Molybdenum(III) Thiocyanate- and Selenocyanate-Based One-Dimensional Heteronuclear Polymers: Coordination Affinity-Controlled Assemblage of Mixed Spin and Mixed Valence Derivatives with Ni(II) and Co(II/III).
Malihe MousaviCarine DuhayonKateryna BretoshVirginie BéreauJean-Pascal SutterPublished in: Inorganic chemistry (2020)

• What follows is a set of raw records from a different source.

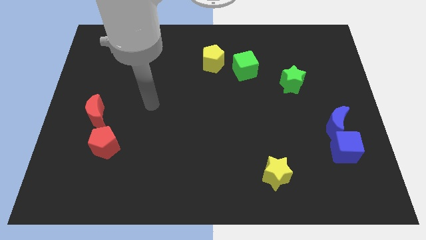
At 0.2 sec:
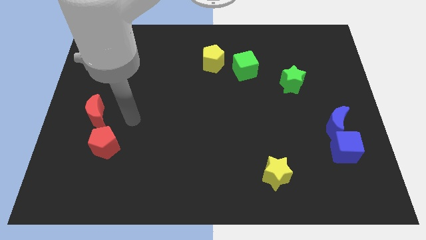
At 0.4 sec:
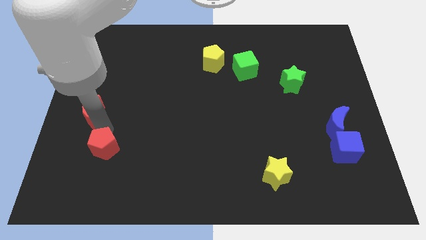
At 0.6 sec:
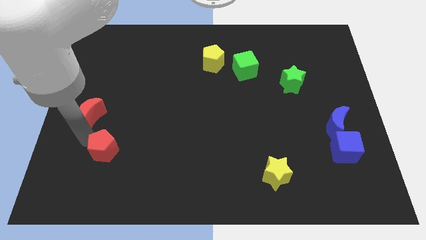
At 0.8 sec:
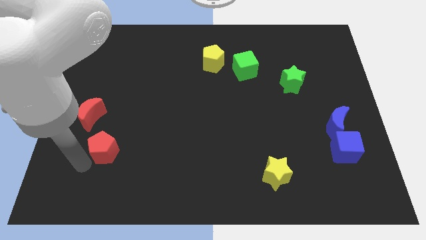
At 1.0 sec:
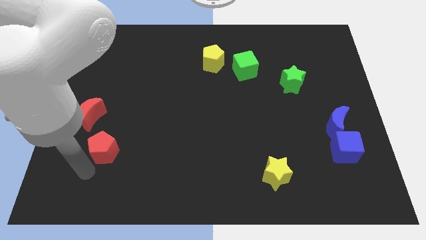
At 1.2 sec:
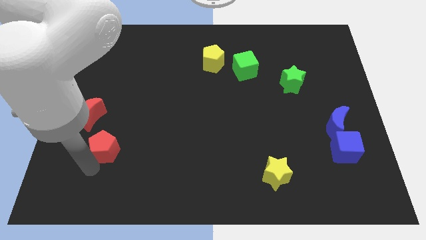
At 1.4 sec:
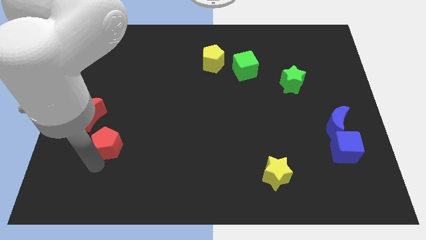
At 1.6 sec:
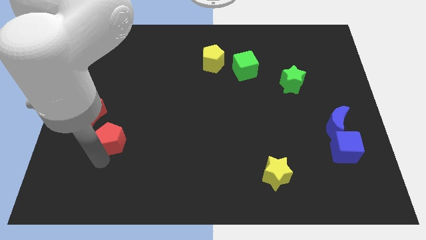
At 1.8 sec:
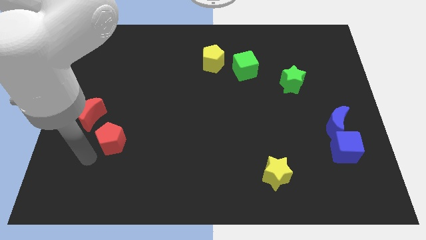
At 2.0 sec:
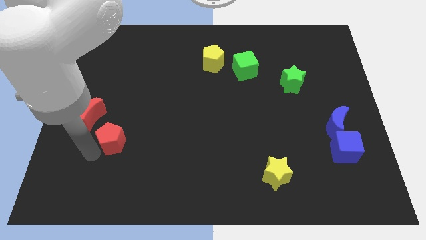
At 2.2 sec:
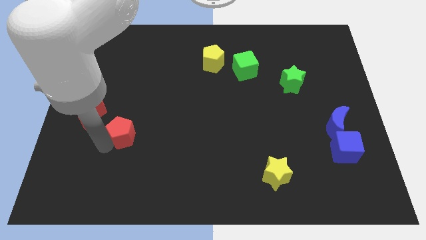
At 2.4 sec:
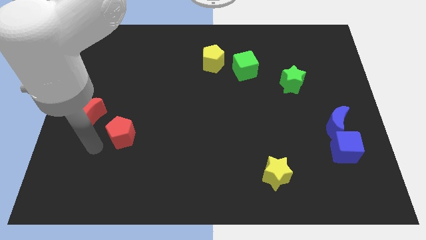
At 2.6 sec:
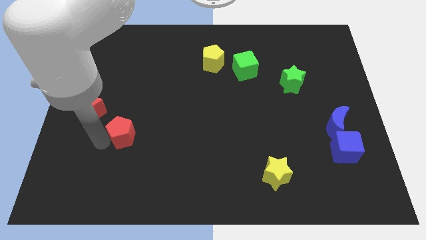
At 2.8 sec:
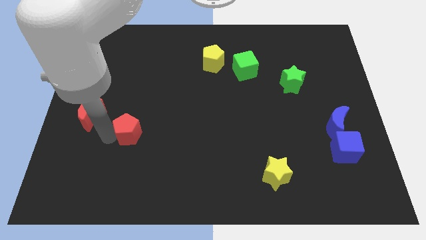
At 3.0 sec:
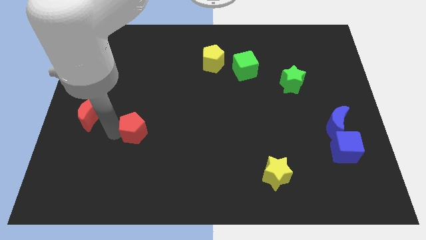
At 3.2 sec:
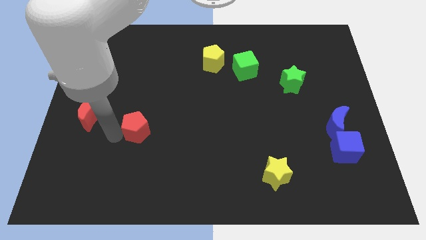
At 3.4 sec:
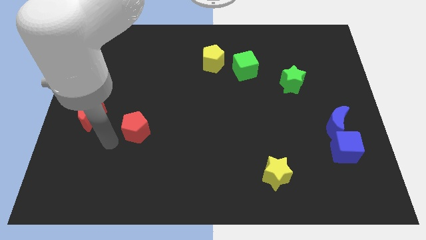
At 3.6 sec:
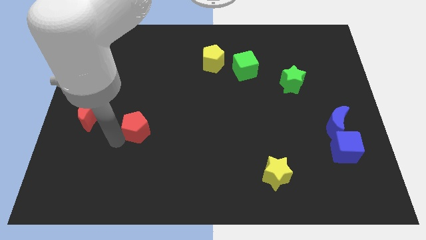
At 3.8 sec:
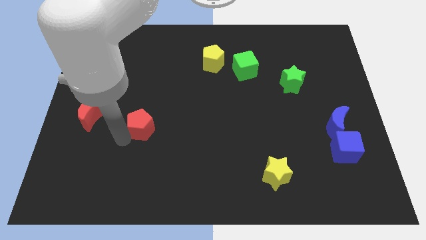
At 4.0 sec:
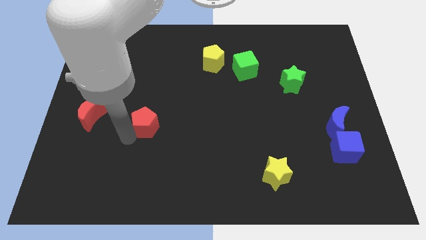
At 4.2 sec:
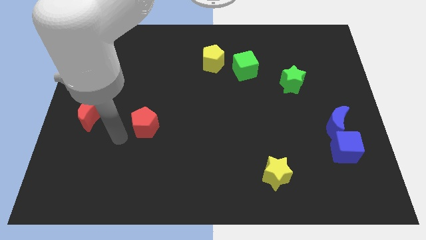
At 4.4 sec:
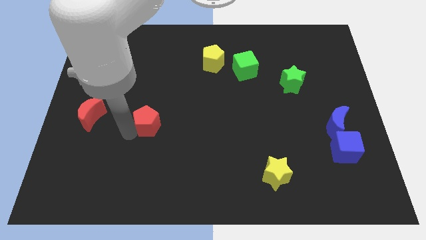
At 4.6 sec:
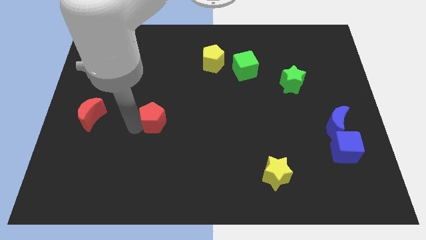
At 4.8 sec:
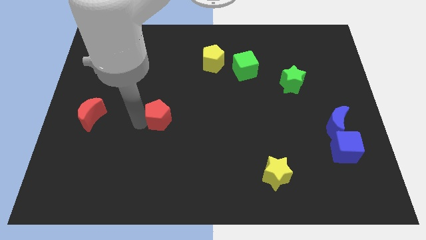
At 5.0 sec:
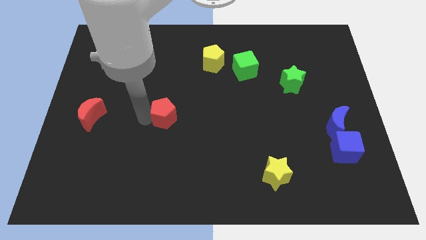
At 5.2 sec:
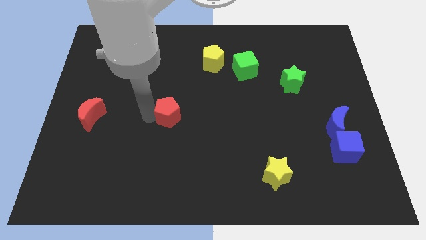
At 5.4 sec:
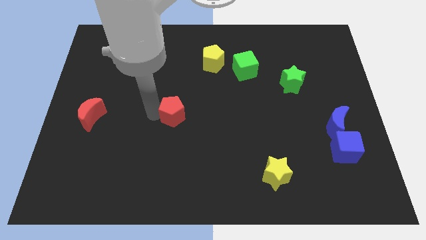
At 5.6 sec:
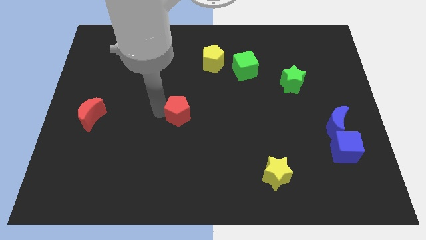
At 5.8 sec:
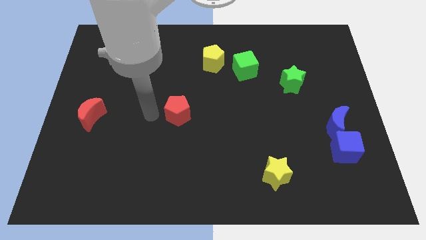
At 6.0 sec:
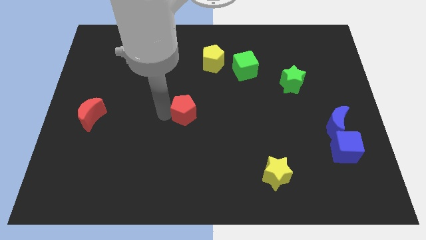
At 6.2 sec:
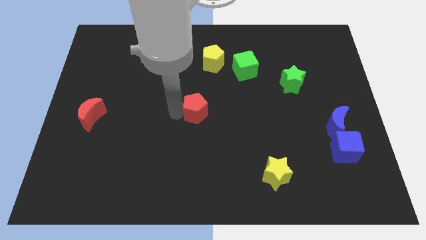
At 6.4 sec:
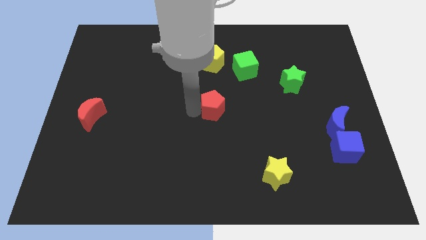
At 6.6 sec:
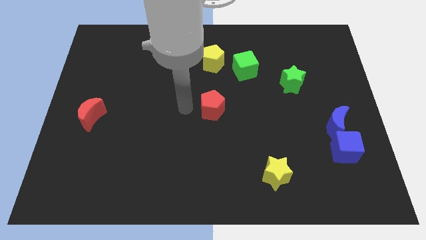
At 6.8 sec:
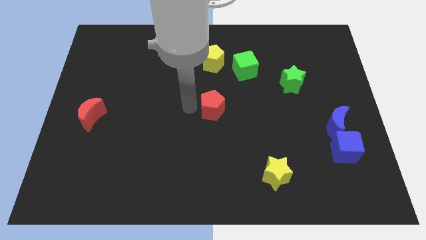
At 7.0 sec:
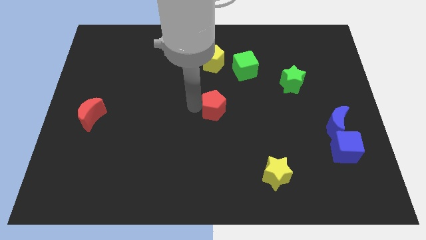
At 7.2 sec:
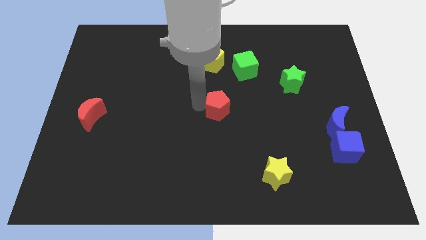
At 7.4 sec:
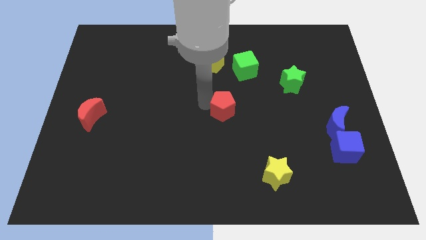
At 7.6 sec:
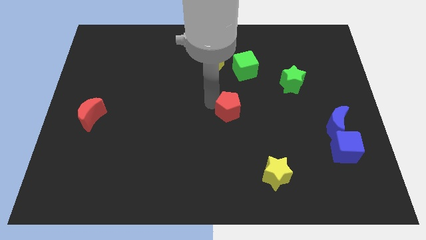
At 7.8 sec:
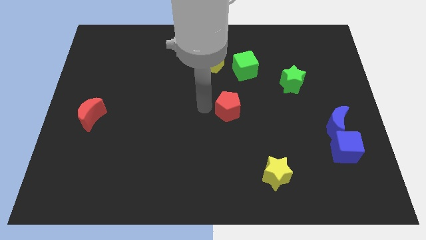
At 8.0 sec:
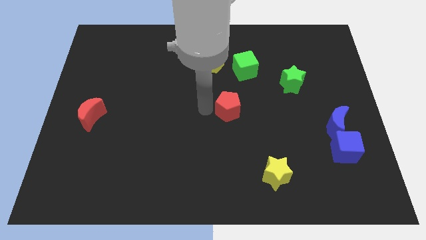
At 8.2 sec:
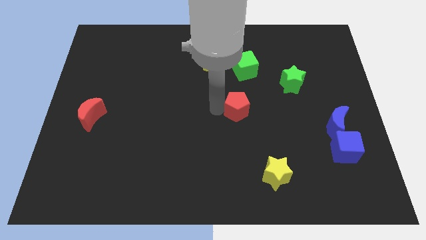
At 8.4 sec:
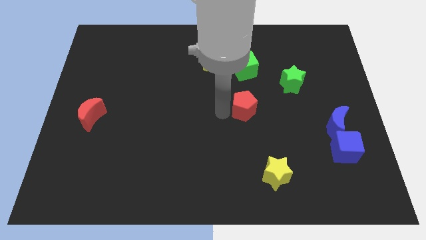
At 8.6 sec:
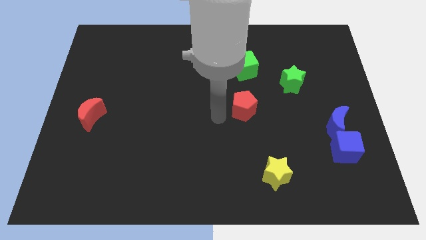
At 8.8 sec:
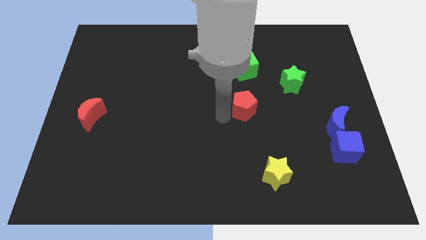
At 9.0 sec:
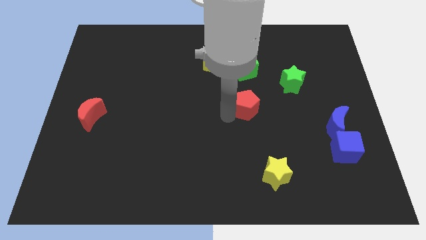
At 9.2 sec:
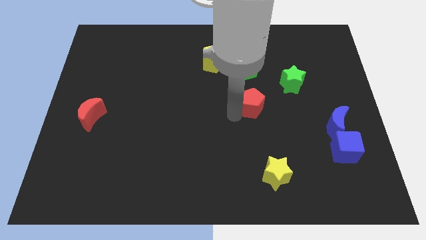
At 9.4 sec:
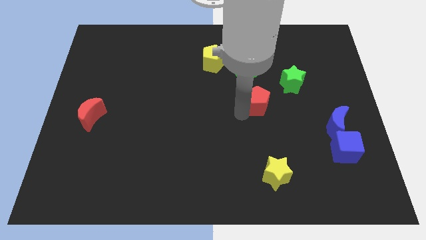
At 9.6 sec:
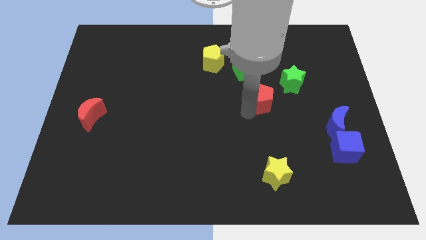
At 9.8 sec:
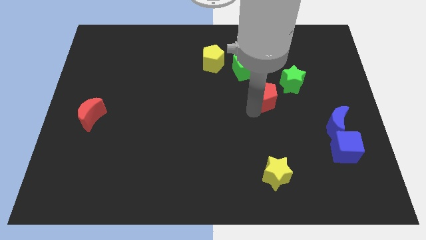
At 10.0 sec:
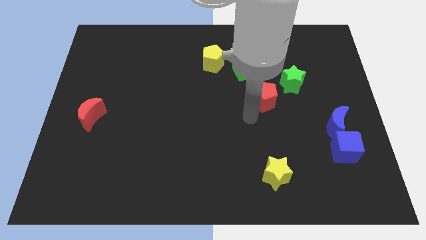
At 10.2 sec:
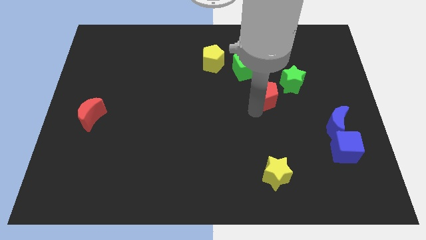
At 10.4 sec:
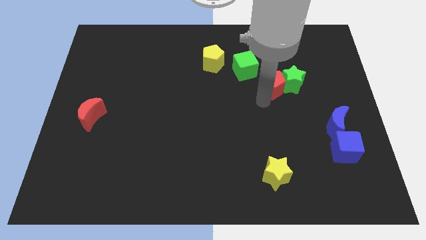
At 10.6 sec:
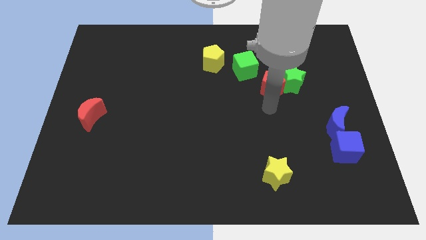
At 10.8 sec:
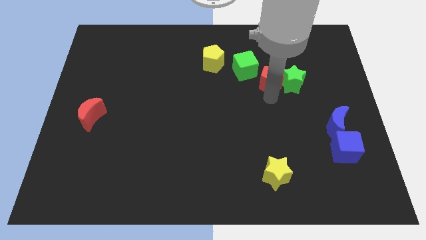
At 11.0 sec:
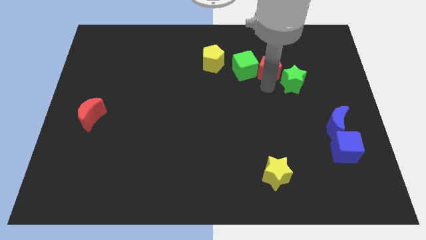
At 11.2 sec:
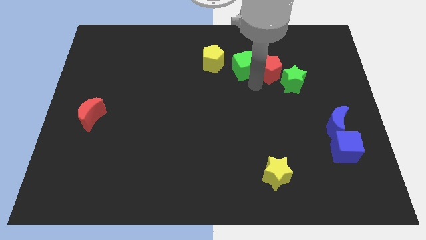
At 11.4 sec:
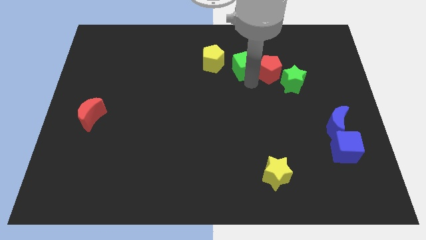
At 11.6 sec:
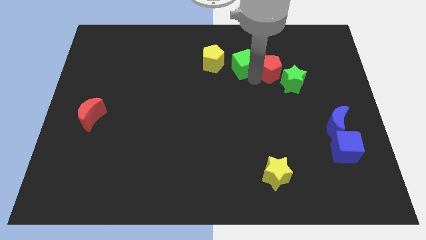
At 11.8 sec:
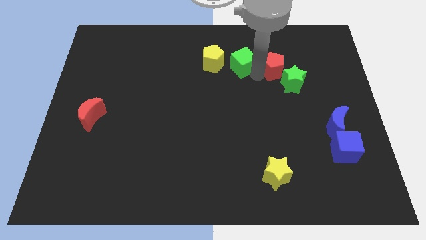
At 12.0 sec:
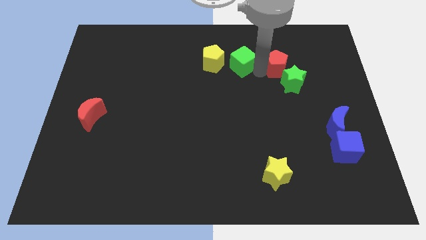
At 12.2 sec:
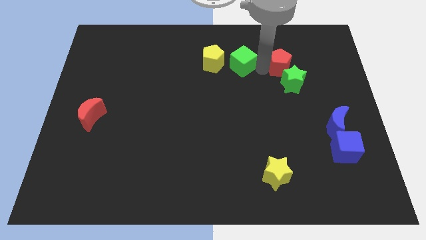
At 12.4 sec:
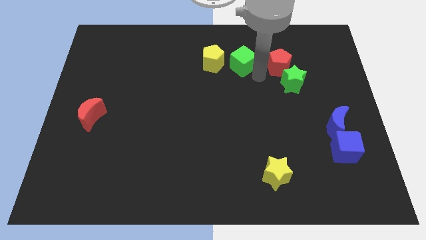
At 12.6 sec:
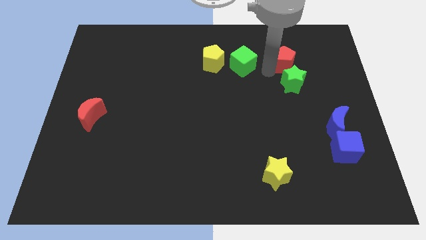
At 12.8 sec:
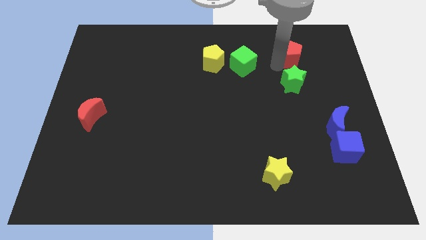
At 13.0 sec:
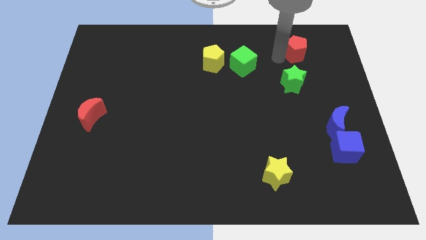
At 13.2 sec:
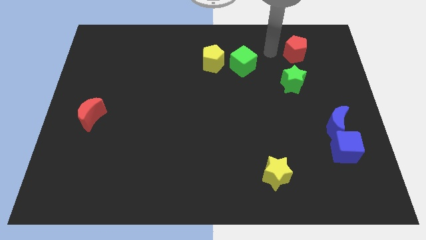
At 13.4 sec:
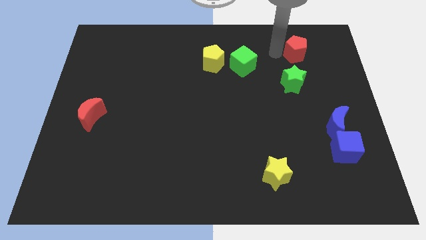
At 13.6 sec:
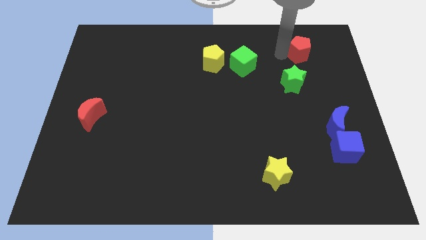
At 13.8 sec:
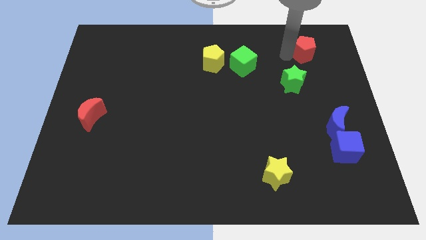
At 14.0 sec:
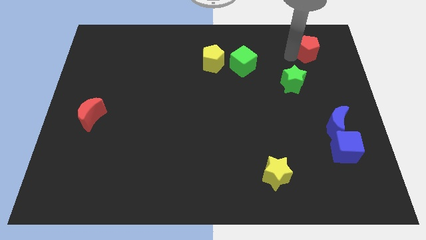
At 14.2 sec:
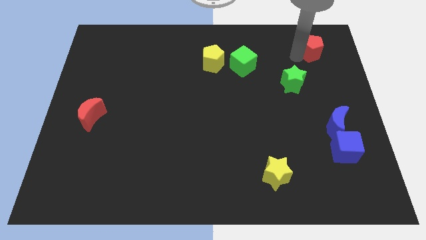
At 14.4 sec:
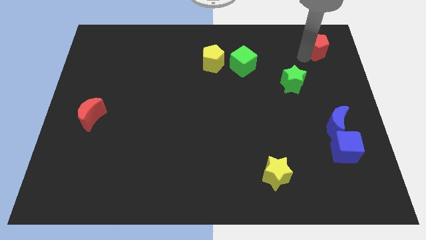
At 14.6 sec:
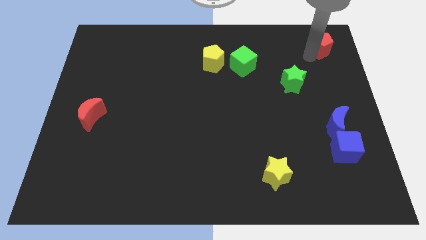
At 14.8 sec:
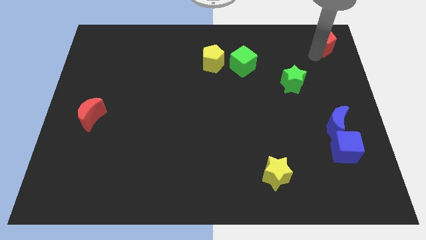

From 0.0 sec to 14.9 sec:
slide the red pentagon to the top right

One-dimensional coordination polymers constructed with the 4d metallo-ligand [Mo(NCS)6]3- associated with NiII and CoII complexes are reported. The first series consists of anionic NCS-bridged [Mo-MII]- coordination polymers associated with a discrete paramagnetic complex or a diamagnetic CoIII complex acting as cations. The latter takes advantage of the coordination preference of the S-ligand for the soft 3d ions and has led to hetero-trimetallic [MoIIINiIICoIII] and mixed valence [MoIIICoIICoIII] compounds. A second series concerns neutral chains in which trinuclear [Mo M2II] units are bridged by an additional NCS anion. The soft character of the S atom was also the key to a rare example of a compound involving both high-spin and low-spin CoII centers associated with [Mo(NCS)6]. A [Mo-Ni] derivative obtained with [Mo(NCSe)6]3- has been considered in order to evaluate the effect of Se versus S on the exchange interaction. The spin distribution for selenocyanate metallo-ligand has been assessed by density functional theory calculations. The crystal structures for all compounds have been characterized, and their magnetic behaviors have been investigated. These ferrimagnetic systems are characterized by antiferromagnetic Mo-MII interactions in the range of -40 to -90 cm-1 (based on H = -JSaSb formalism) operative both with CoII and with NiII, thus demonstrating the potential of the MoIII-NCS combination for molecular systems in which exchange interactions play an important role.